═════ RECORDS FOR THIS TASK

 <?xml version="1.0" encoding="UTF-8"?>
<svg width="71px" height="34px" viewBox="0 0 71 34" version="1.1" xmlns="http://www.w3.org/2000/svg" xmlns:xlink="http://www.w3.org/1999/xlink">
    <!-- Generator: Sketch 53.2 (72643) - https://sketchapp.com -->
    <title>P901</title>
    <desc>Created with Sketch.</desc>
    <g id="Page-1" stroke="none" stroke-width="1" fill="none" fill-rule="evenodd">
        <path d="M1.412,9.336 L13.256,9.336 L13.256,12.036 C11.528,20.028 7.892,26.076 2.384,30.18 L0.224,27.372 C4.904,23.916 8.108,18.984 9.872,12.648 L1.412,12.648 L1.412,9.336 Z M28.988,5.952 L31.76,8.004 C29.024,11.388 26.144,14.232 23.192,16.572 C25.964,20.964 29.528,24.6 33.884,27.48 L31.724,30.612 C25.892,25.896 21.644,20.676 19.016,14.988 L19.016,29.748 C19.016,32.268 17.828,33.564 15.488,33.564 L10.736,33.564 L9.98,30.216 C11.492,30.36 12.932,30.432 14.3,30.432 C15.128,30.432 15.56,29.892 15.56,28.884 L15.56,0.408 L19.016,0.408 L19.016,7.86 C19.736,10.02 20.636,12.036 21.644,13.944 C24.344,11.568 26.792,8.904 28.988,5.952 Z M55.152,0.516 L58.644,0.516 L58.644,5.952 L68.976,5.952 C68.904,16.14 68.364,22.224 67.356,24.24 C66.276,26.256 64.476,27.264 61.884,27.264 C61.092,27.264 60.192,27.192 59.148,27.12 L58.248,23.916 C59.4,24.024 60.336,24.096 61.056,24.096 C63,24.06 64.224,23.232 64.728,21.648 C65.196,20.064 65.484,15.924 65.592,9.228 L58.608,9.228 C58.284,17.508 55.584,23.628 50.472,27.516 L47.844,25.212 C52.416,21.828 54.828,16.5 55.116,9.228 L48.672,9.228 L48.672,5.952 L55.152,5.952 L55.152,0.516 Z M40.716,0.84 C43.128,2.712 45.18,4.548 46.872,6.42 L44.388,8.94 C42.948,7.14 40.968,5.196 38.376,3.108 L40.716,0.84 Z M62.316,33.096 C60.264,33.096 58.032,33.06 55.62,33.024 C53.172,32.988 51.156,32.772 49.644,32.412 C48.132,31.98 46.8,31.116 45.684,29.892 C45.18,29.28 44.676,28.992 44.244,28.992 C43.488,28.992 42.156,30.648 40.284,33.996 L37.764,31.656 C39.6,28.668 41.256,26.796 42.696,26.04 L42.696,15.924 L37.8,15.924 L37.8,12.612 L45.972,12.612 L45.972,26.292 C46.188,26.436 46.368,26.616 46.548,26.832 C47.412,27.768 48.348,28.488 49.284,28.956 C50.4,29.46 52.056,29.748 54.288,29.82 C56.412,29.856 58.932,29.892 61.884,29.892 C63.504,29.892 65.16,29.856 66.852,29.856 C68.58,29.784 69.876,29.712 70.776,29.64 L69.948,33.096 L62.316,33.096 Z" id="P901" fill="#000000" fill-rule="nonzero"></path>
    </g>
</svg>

══════════

BRIEF: Give an exact transcription of the data shown above.

ANSWER TO THIS PROBLEM:
 <?xml version="1.0" encoding="UTF-8"?>
<svg width="71px" height="34px" viewBox="0 0 71 34" version="1.1" xmlns="http://www.w3.org/2000/svg" xmlns:xlink="http://www.w3.org/1999/xlink">
    <!-- Generator: Sketch 53.2 (72643) - https://sketchapp.com -->
    <title>P901</title>
    <desc>Created with Sketch.</desc>
    <g id="Page-1" stroke="none" stroke-width="1" fill="none" fill-rule="evenodd">
        <path d="M1.412,9.336 L13.256,9.336 L13.256,12.036 C11.528,20.028 7.892,26.076 2.384,30.18 L0.224,27.372 C4.904,23.916 8.108,18.984 9.872,12.648 L1.412,12.648 L1.412,9.336 Z M28.988,5.952 L31.76,8.004 C29.024,11.388 26.144,14.232 23.192,16.572 C25.964,20.964 29.528,24.6 33.884,27.48 L31.724,30.612 C25.892,25.896 21.644,20.676 19.016,14.988 L19.016,29.748 C19.016,32.268 17.828,33.564 15.488,33.564 L10.736,33.564 L9.98,30.216 C11.492,30.36 12.932,30.432 14.3,30.432 C15.128,30.432 15.56,29.892 15.56,28.884 L15.56,0.408 L19.016,0.408 L19.016,7.86 C19.736,10.02 20.636,12.036 21.644,13.944 C24.344,11.568 26.792,8.904 28.988,5.952 Z M55.152,0.516 L58.644,0.516 L58.644,5.952 L68.976,5.952 C68.904,16.14 68.364,22.224 67.356,24.24 C66.276,26.256 64.476,27.264 61.884,27.264 C61.092,27.264 60.192,27.192 59.148,27.12 L58.248,23.916 C59.4,24.024 60.336,24.096 61.056,24.096 C63,24.06 64.224,23.232 64.728,21.648 C65.196,20.064 65.484,15.924 65.592,9.228 L58.608,9.228 C58.284,17.508 55.584,23.628 50.472,27.516 L47.844,25.212 C52.416,21.828 54.828,16.5 55.116,9.228 L48.672,9.228 L48.672,5.952 L55.152,5.952 L55.152,0.516 Z M40.716,0.84 C43.128,2.712 45.18,4.548 46.872,6.42 L44.388,8.94 C42.948,7.14 40.968,5.196 38.376,3.108 L40.716,0.84 Z M62.316,33.096 C60.264,33.096 58.032,33.06 55.62,33.024 C53.172,32.988 51.156,32.772 49.644,32.412 C48.132,31.98 46.8,31.116 45.684,29.892 C45.18,29.28 44.676,28.992 44.244,28.992 C43.488,28.992 42.156,30.648 40.284,33.996 L37.764,31.656 C39.6,28.668 41.256,26.796 42.696,26.04 L42.696,15.924 L37.8,15.924 L37.8,12.612 L45.972,12.612 L45.972,26.292 C46.188,26.436 46.368,26.616 46.548,26.832 C47.412,27.768 48.348,28.488 49.284,28.956 C50.4,29.46 52.056,29.748 54.288,29.82 C56.412,29.856 58.932,29.892 61.884,29.892 C63.504,29.892 65.16,29.856 66.852,29.856 C68.58,29.784 69.876,29.712 70.776,29.64 L69.948,33.096 L62.316,33.096 Z" id="P901" fill="#000000" fill-rule="nonzero"></path>
    </g>
</svg>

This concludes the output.